Just wondering how much more traffic the skies can handle, before it becomes a danger to those on the ground.
 

Mike

Well-known member
hypocritexposer said:
any aviation/traffic control experts here?

Just wondering how much more traffic the skies can handle, before it becomes a danger to those on the ground.

Drones will be low flying traffic. Most of the commercial stuff in the air now is well above 10,000 feet except for climbing and descents.

Plenty of room:

http://maps.unomaha.edu/animatedflightatlas/FlightTrafficAnimation.html
 

okfarmer

Well-known member
Mike said:
hypocritexposer said:
any aviation/traffic control experts here?

Just wondering how much more traffic the skies can handle, before it becomes a danger to those on the ground.
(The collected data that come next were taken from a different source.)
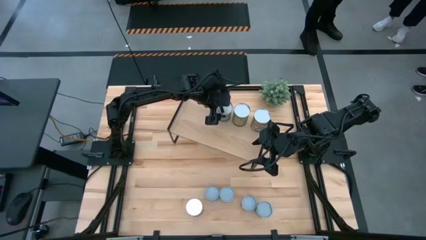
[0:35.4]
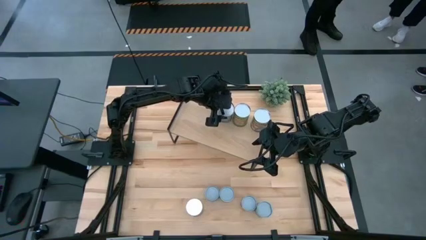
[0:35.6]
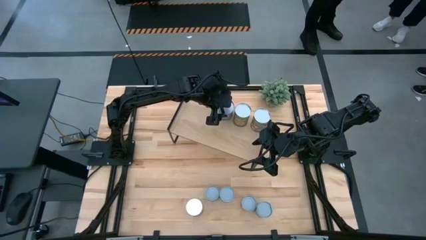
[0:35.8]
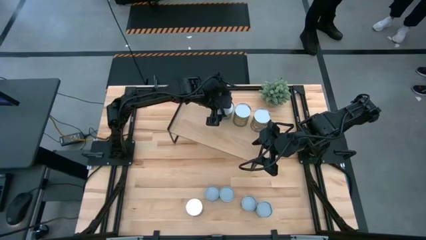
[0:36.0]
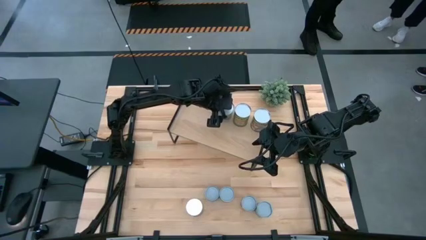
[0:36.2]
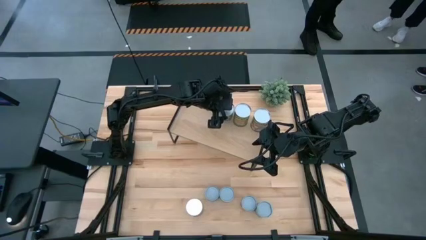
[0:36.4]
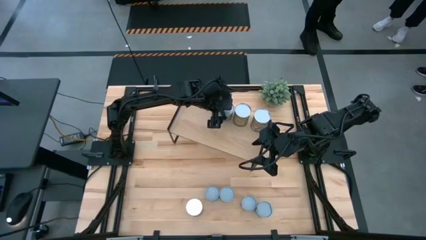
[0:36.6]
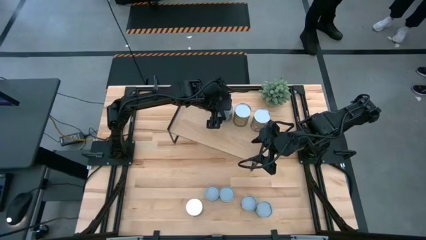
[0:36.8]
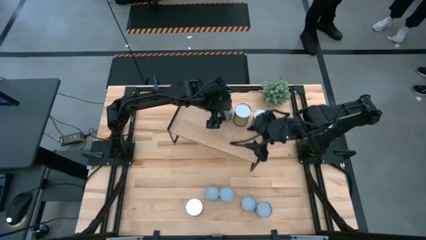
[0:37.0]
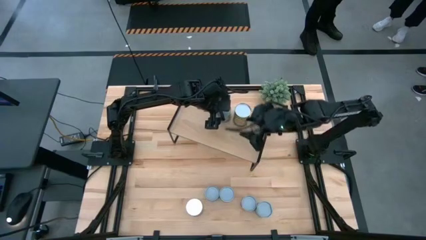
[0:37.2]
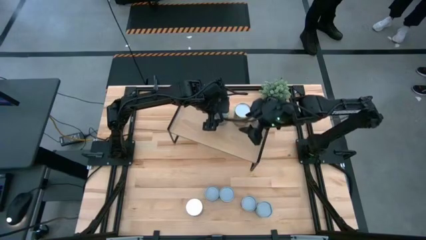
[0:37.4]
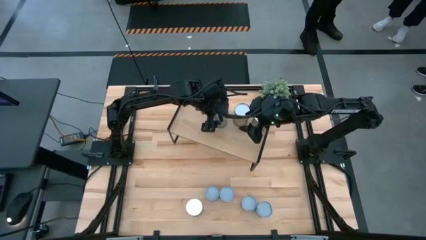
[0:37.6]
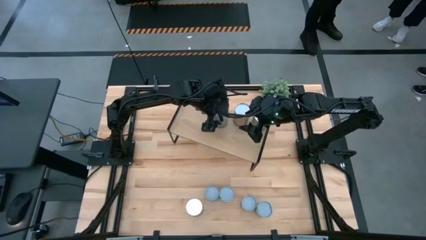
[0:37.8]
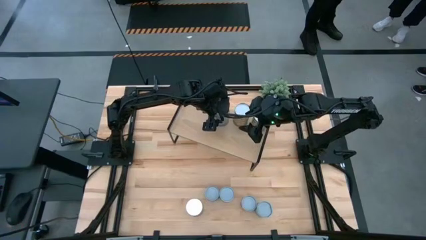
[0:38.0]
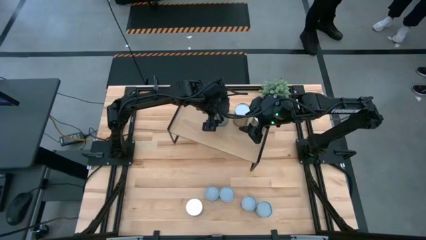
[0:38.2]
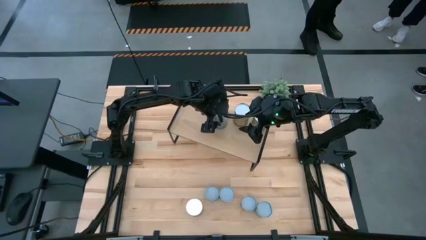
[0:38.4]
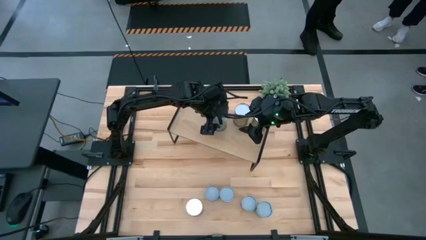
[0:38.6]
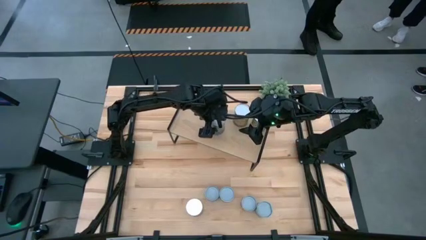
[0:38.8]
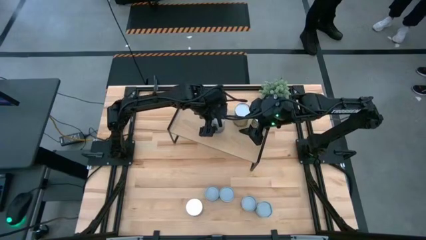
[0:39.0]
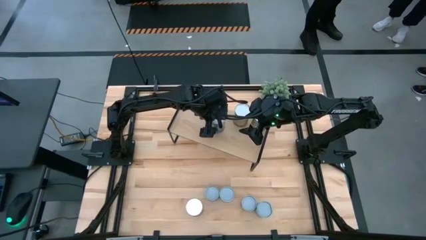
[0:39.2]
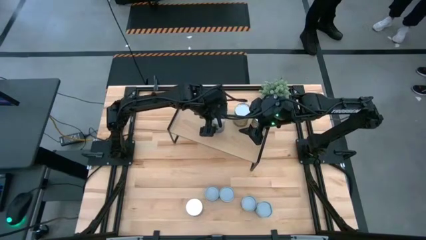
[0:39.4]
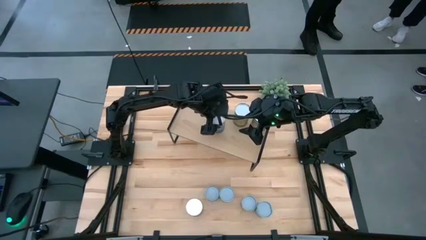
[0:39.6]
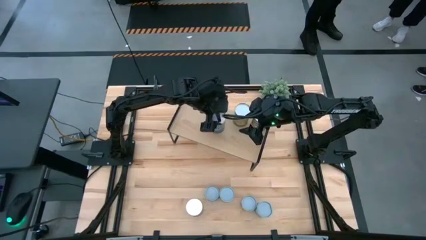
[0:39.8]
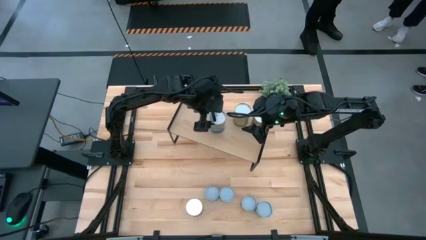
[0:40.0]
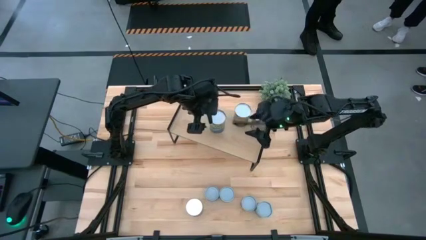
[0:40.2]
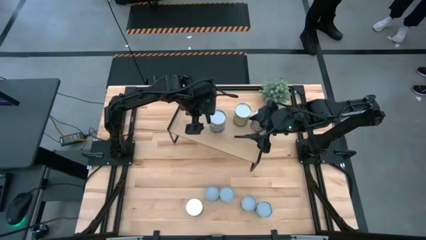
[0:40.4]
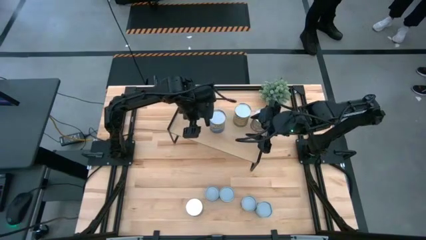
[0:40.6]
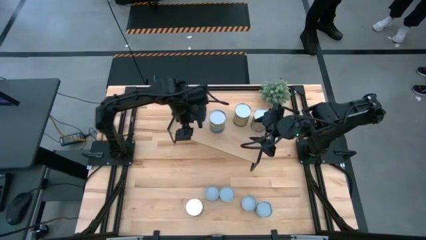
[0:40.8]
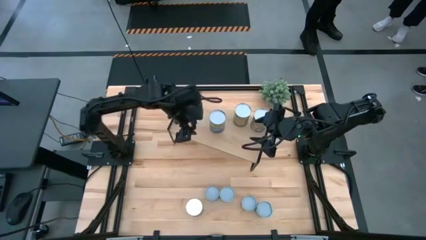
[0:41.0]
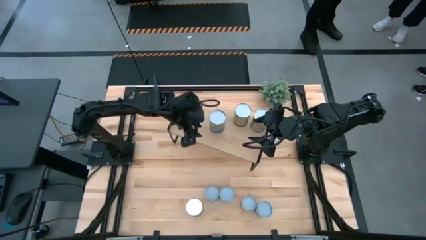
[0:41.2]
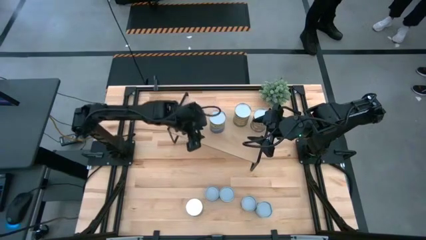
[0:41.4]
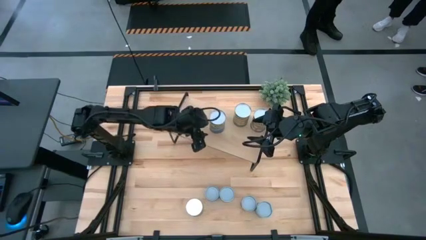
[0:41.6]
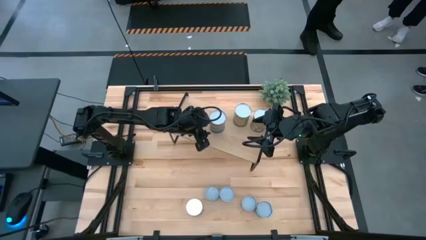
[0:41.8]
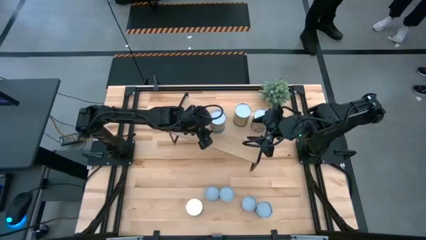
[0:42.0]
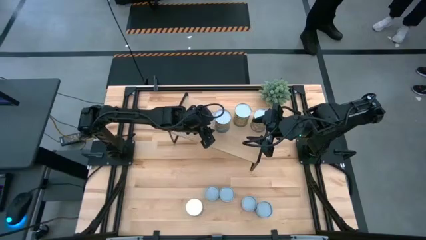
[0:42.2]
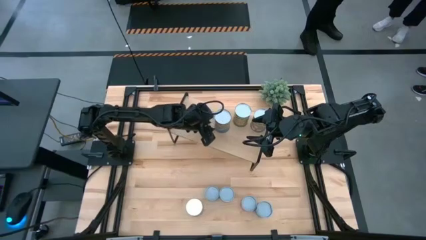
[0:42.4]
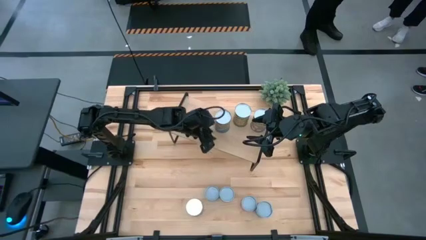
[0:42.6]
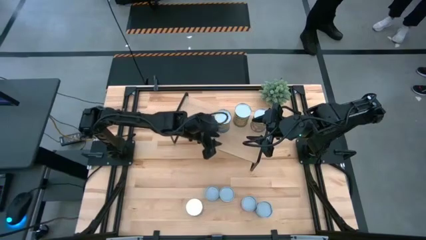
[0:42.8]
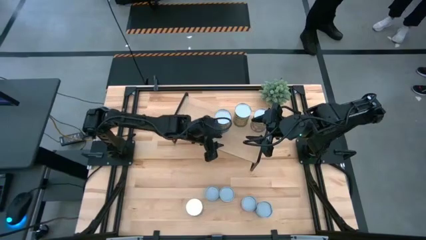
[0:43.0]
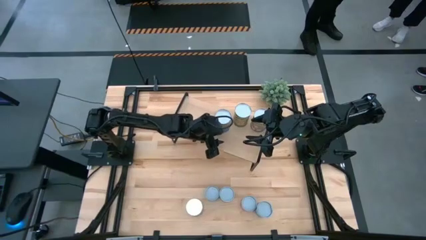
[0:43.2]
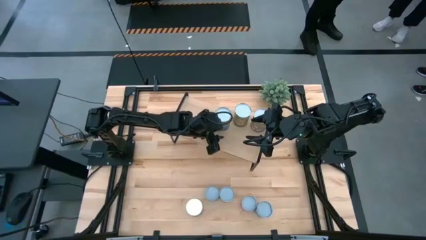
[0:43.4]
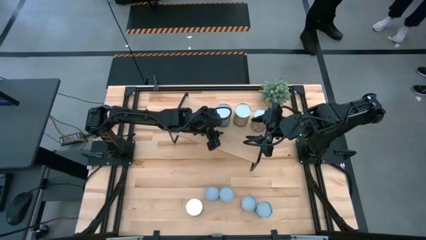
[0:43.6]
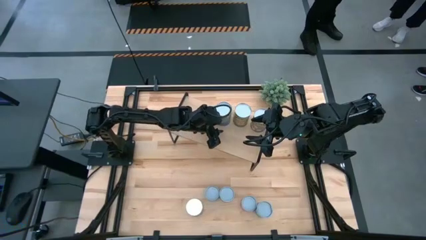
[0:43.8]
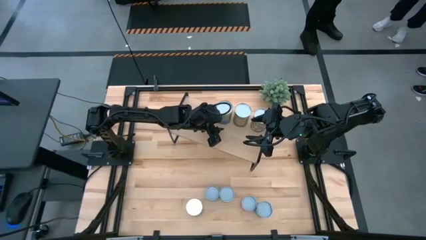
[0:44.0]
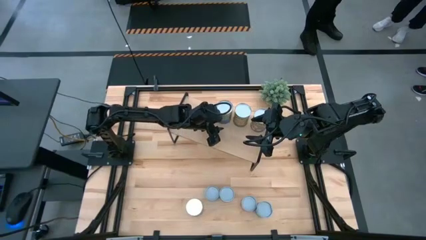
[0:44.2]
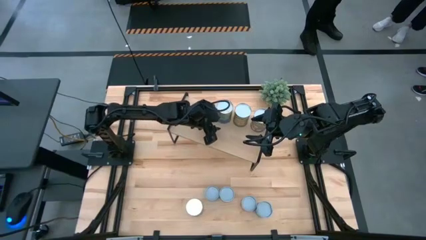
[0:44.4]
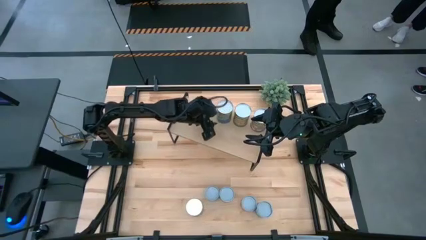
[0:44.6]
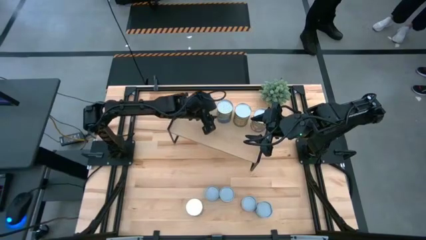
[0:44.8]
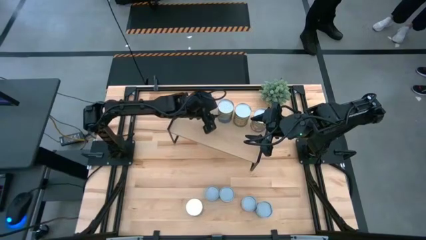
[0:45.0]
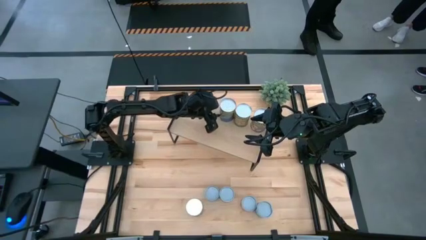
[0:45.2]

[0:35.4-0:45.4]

Drones will be low flying traffic. Most of the commercial stuff in the air now is well above 10,000 feet except for climbing and descents.

Plenty of room:

http://maps.unomaha.edu/animatedflightatlas/FlightTrafficAnimation.html

I was thinking about private planes and helicopters, towers and just plain malfunctions.

Who's fault will it be when the likes of OT (you know he will add fighter pilot to his resume once LE offices across the country begin having access to drones) flies into another small plane? What happens if a camera malfunctions?

I like this idea even less than a unmaned car driving down the road. If a car has a problem, and stops- probably not the end of the world.

A drone has a problem and stops- it could be the end of the world for those below- someone inside a plane might have more control to guide it out of populated areas.

If a drone is carrying an active payload in the US and falls in the forest and no one is left alive, did it make a sound?